Published online Jul 27, 2015. doi: 10.5313/wja.v4.i2.30
Peer-review started: April 8, 2015
First decision: April 27, 2015
Revised: May 12, 2015
Accepted: June 1, 2015
Article in press: June 2, 2015
Published online: July 27, 2015
Processing time: 111 Days and 13.7 Hours
AIM: To investigate the utility of transthoracic echocardiography in confirming appropriate pulmonary artery catheter (PAC) placement.
METHODS: Three commonly used transthoracic echocardiography (TTE) views were used to confirm PAC position in 103 patients undergoing elective cardiac surgery - the parasternal short axis right ventricular inflow-outflow view; the subcostal short axis right ventricular inflow-outflow view; and the parasternal short axis ascending aortic view. All PACs were inserted by the managing anesthesiologist under pressure waveform guidance alone, who was blinded to all sonographic information. A sonographer blinded to all pressure waveform information confirmed visualisation of an “empty” PA before PAC insertion, and visualisation of the PAC balloon in the main PA (MPA) or right PA (RPA) after attempts at placement were complete. Agreement, sensitivity and specificity of TTE in confirming appropriate PAC placement was compared against pressure waveform guidance as the “gold standard”. The successful view used was compared against patients’ anthropomorphic indices, presence of lung hyperinflation, and insertion of PAC during positive pressure ventilation. Agreement between TTE and pressure waveform guidance was analysed using Cohen’s Kappa statistic. The relative proportion of total RPA seen by subcostal vs parasternal TTE views was also compared with a further 20 patients’ computed tomography (CT) pulmonary angiograms (CTPA), to determine efficacy in detection of distal RPA PAC placement.
RESULTS: Appropriate positioning of the PAC balloon, and its to-and-fro movement consistent with a non-wedged state, within the MPA or RPA was confirmed by TTE in 98 of the 103 patients [sensitivity 95% (95%CI: 89%-98%)], and absence of the PAC balloon before insertion correctly established in 100 patients [specificity 97% (92%-99%)]. This was in very good agreement with pressure waveform guidance [Cohen’s Kappa 0.92, (0.87-0.98)]. The subcostal view was the best view to visualise the PAC tip when it was placed in the right pulmonary artery (OR 70, P < 0.0001), was more successful in patients with COAD (OR 9.5, P = 0.001), and visualized 61% (vs 44% by parasternal views, P < 0.001) of mean RPA lengths compared with CTPA; however the parasternal views were more successful in patients with higher body mass indexs (OR 0.78 for success with subcostal views, P < 0.001). There was a trend towards insertion during intermittent positive pressure ventilation favoring visualisation by subcostal views (OR 3.9, P = 0.08). The subcostal view visualized a greater length of the RPA than parasternal views (3.9 cm vs 2.9 cm, P < 0.0001). PACs were more often placed in the MPA than RPA (80 vs 18 patients). Three patient’s pulmonary arteries were not visible by any TTE view; in a further 2 patients, despite pre-insertion visualisation of their pulmonary arteries, the PAC balloon was not visible by any view with TTE where correct placement by pressure waveform was unequivocal.
CONCLUSION: TTE can assist appropriate PAC placement by visualization of an unwedged PAC balloon in the PA.

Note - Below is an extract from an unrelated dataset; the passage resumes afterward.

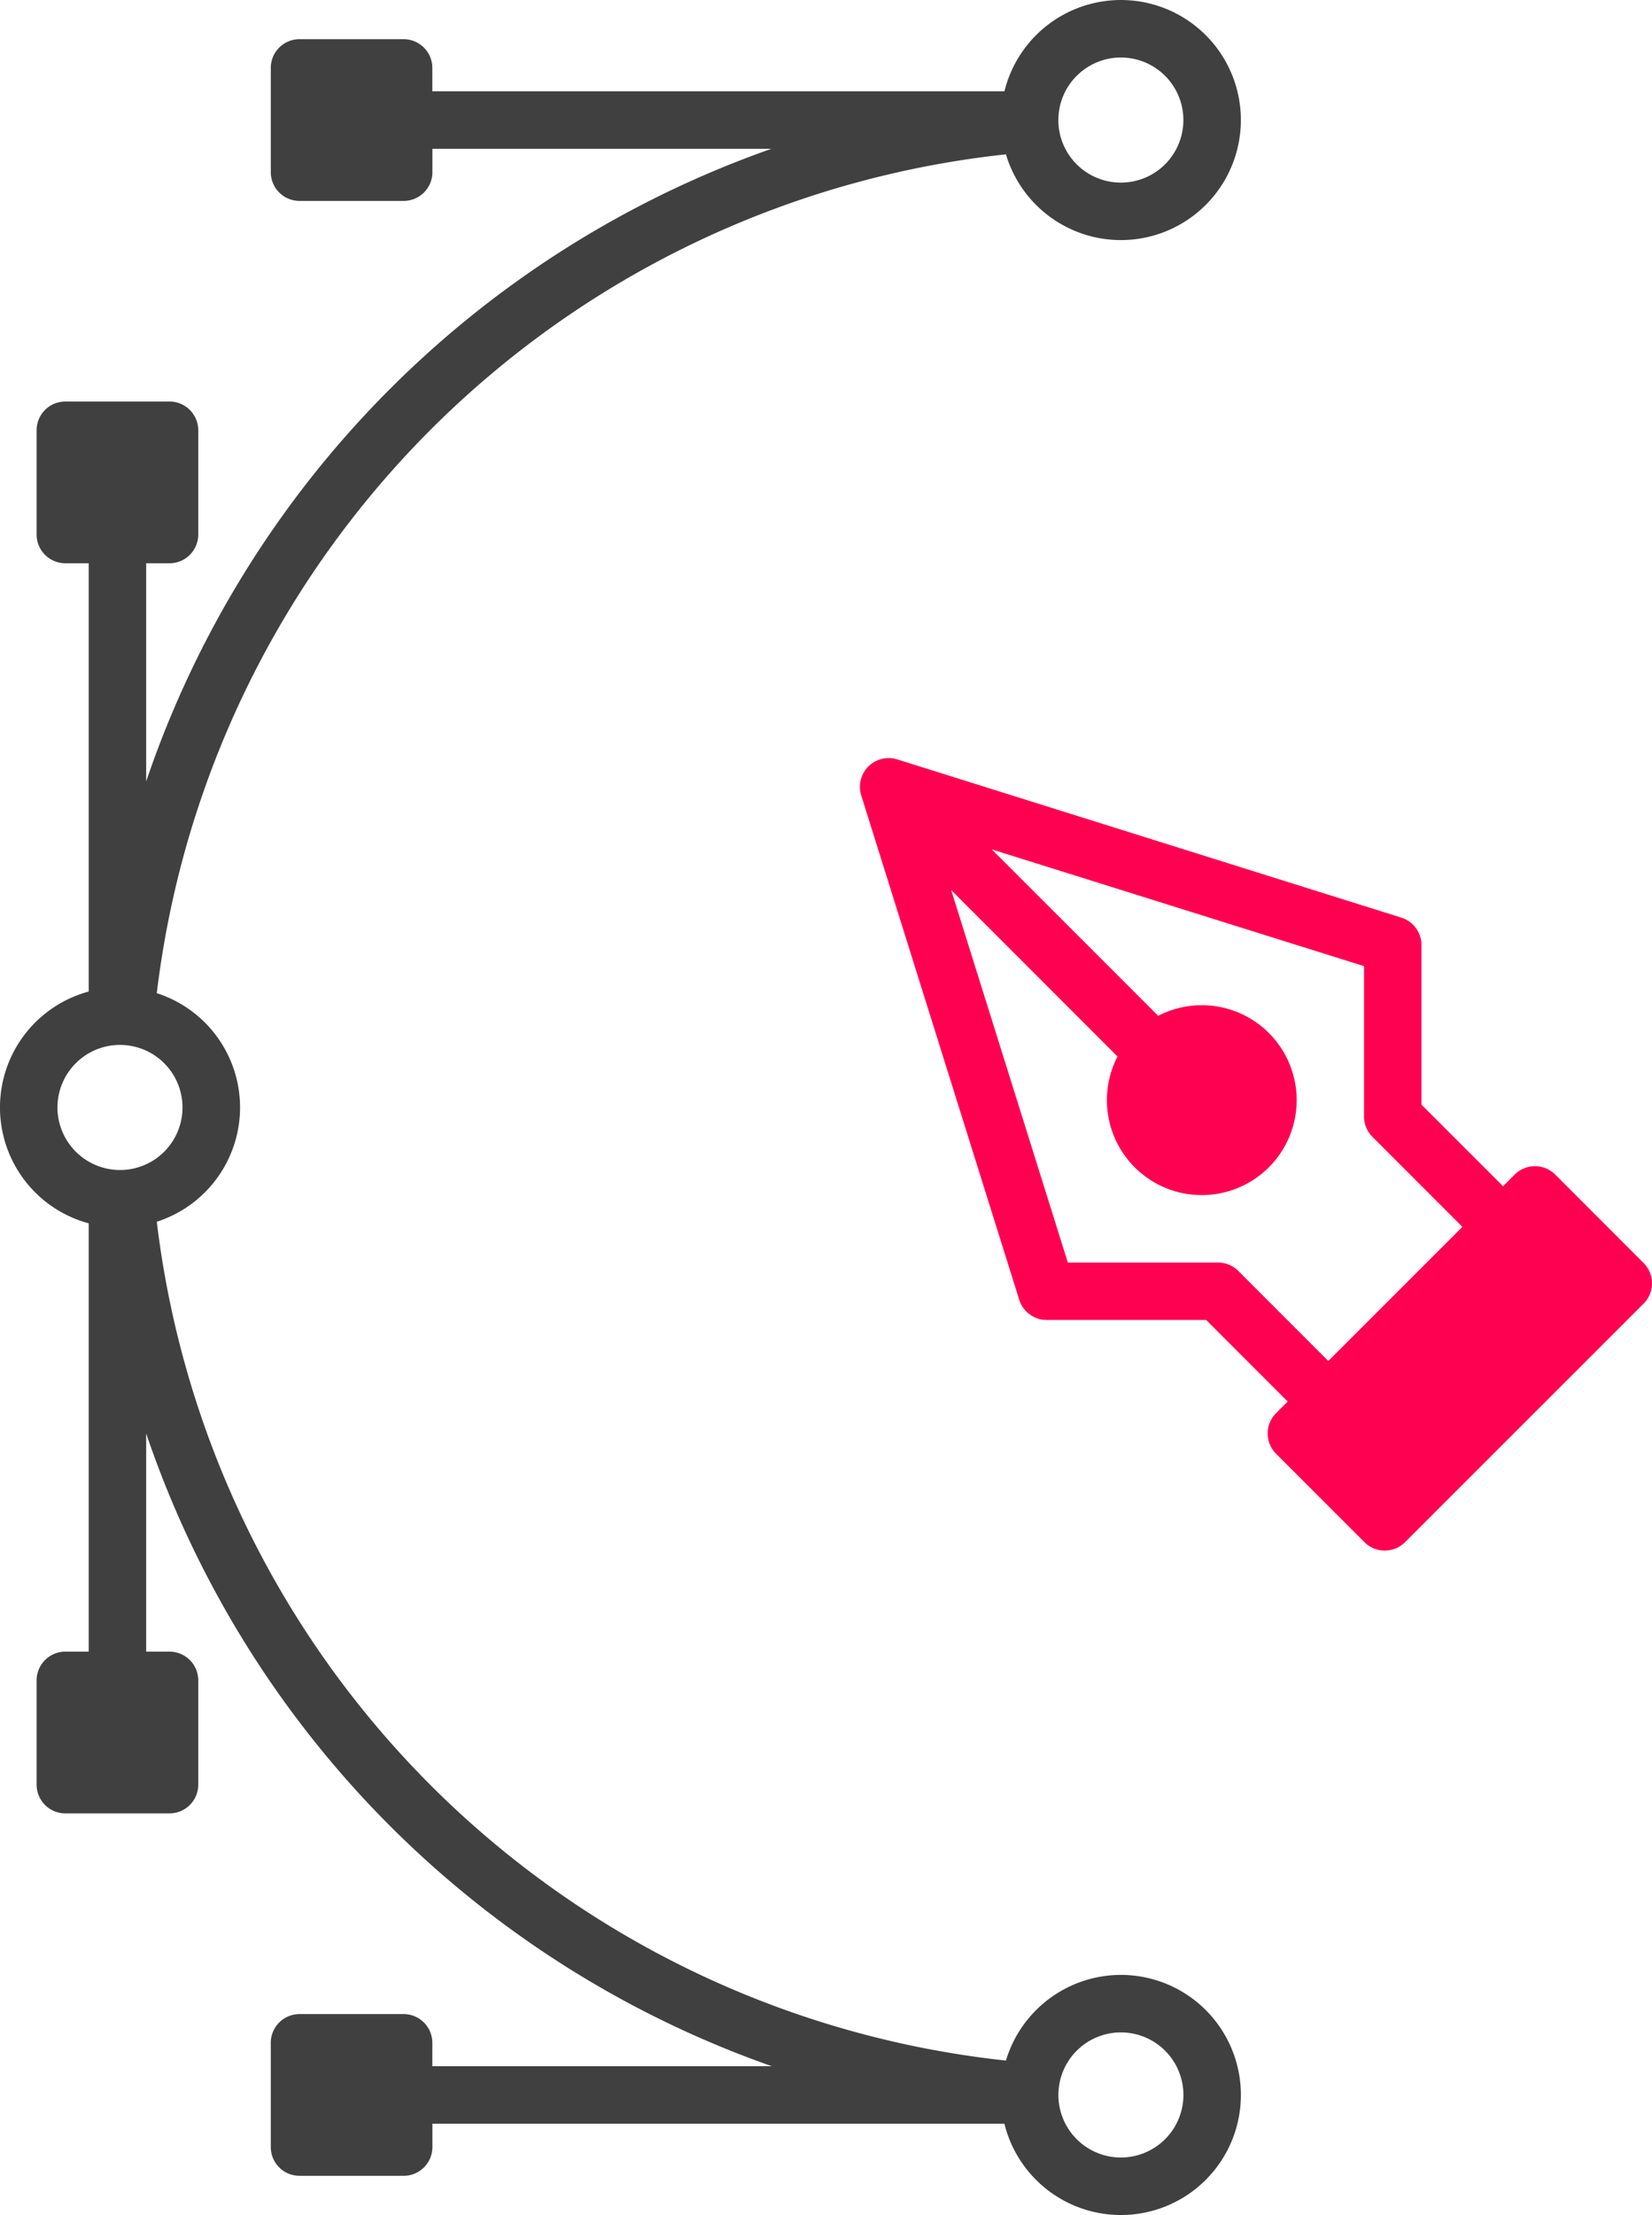 <svg xmlns="http://www.w3.org/2000/svg" xmlns:xlink="http://www.w3.org/1999/xlink" id="Grupo_76246" data-name="Grupo 76246" width="76.262" height="102.192" viewBox="0 0 76.262 102.192"><defs><clipPath id="clip-path"><rect id="Rect&#xE1;ngulo_147846" data-name="Rect&#xE1;ngulo 147846" width="76.262" height="102.192" fill="none"></rect></clipPath></defs><g id="Grupo_76245" data-name="Grupo 76245" transform="translate(0 0)" clip-path="url(#clip-path)"><path id="Trazado_10705" data-name="Trazado 10705" d="M61.254,45.389l-4.076-4.077a1.328,1.328,0,0,0-1.876,0l-.535.535L51,38.083V30.721a1.325,1.325,0,0,0-.929-1.265l-23.27-7.3a1.326,1.326,0,0,0-1.662,1.662l7.294,23.27a1.329,1.329,0,0,0,1.266.929h7.362l3.764,3.764-.535.535a1.328,1.328,0,0,0,0,1.876l4.077,4.077a1.328,1.328,0,0,0,1.876,0L61.254,47.265a1.324,1.324,0,0,0,0-1.876M46.7,49.91l-4.153-4.153a1.325,1.325,0,0,0-.937-.388H34.676L29.29,28.183l7.68,7.68a4.38,4.38,0,1,0,1.876-1.876l-7.682-7.68L48.35,31.694v6.938a1.325,1.325,0,0,0,.388.937l4.153,4.153Z" transform="translate(14.619 12.88)" fill="#ff0151"></path><path id="Trazado_10706" data-name="Trazado 10706" d="M35.685,30.976a1.727,1.727,0,1,1-1.222.5,1.721,1.721,0,0,1,1.222-.5" transform="translate(19.793 18.054)" fill="#ff0151"></path><path id="Trazado_10707" data-name="Trazado 10707" d="M51.744,91.114a5.547,5.547,0,0,0-5.306,3.952,44.239,44.239,0,0,1-39.2-38.7,5.538,5.538,0,0,0,0-10.545,44.239,44.239,0,0,1,39.2-38.7,5.538,5.538,0,1,0-.07-2.908H19.958V3.134a1.326,1.326,0,0,0-1.326-1.326H13.823A1.326,1.326,0,0,0,12.5,3.134V7.943a1.326,1.326,0,0,0,1.326,1.326h4.809a1.326,1.326,0,0,0,1.326-1.326V6.865H35.611A46.894,46.894,0,0,0,6.748,36.05V25.986H7.826a1.326,1.326,0,0,0,1.326-1.326V19.851a1.326,1.326,0,0,0-1.326-1.326H3.017A1.326,1.326,0,0,0,1.69,19.851v4.809a1.326,1.326,0,0,0,1.326,1.326H4.095v19.76a5.538,5.538,0,0,0,0,10.694V76.2H3.017A1.326,1.326,0,0,0,1.69,77.527v4.809a1.326,1.326,0,0,0,1.326,1.326H7.826a1.326,1.326,0,0,0,1.326-1.326V77.527A1.326,1.326,0,0,0,7.826,76.2H6.748V66.135A46.9,46.9,0,0,0,35.63,95.327H19.958V94.248a1.326,1.326,0,0,0-1.326-1.326H13.823A1.326,1.326,0,0,0,12.5,94.248v4.809a1.326,1.326,0,0,0,1.326,1.326h4.809a1.326,1.326,0,0,0,1.326-1.326V97.98H46.367a5.539,5.539,0,1,0,5.377-6.866m0-88.461a2.886,2.886,0,1,1-2.887,2.886,2.89,2.89,0,0,1,2.887-2.886M2.653,51.093A2.886,2.886,0,1,1,5.538,53.98a2.891,2.891,0,0,1-2.886-2.887M51.744,99.539a2.886,2.886,0,1,1,2.887-2.887,2.89,2.89,0,0,1-2.887,2.887" transform="translate(0 0)" fill="#404040"></path></g></svg>

Core tip: Transthoracic echocardiography (TTE) is an efficacious adjunct to pressure waveform guidance for guiding appropriate pulmonary artery catheter (PAC) placement. With the required equipment and expertise, TTE is a rapid and safe tool for confirming whether the PAC is placed too far (the PAC balloon seen beyond the proximal RPA) or not far enough (the body of the PAC seen in the right ventricle but the PAC balloon not seen in the main PA or right PA). This application may assist in reducing complications related to PA rupture or PAC induced arrhythmias.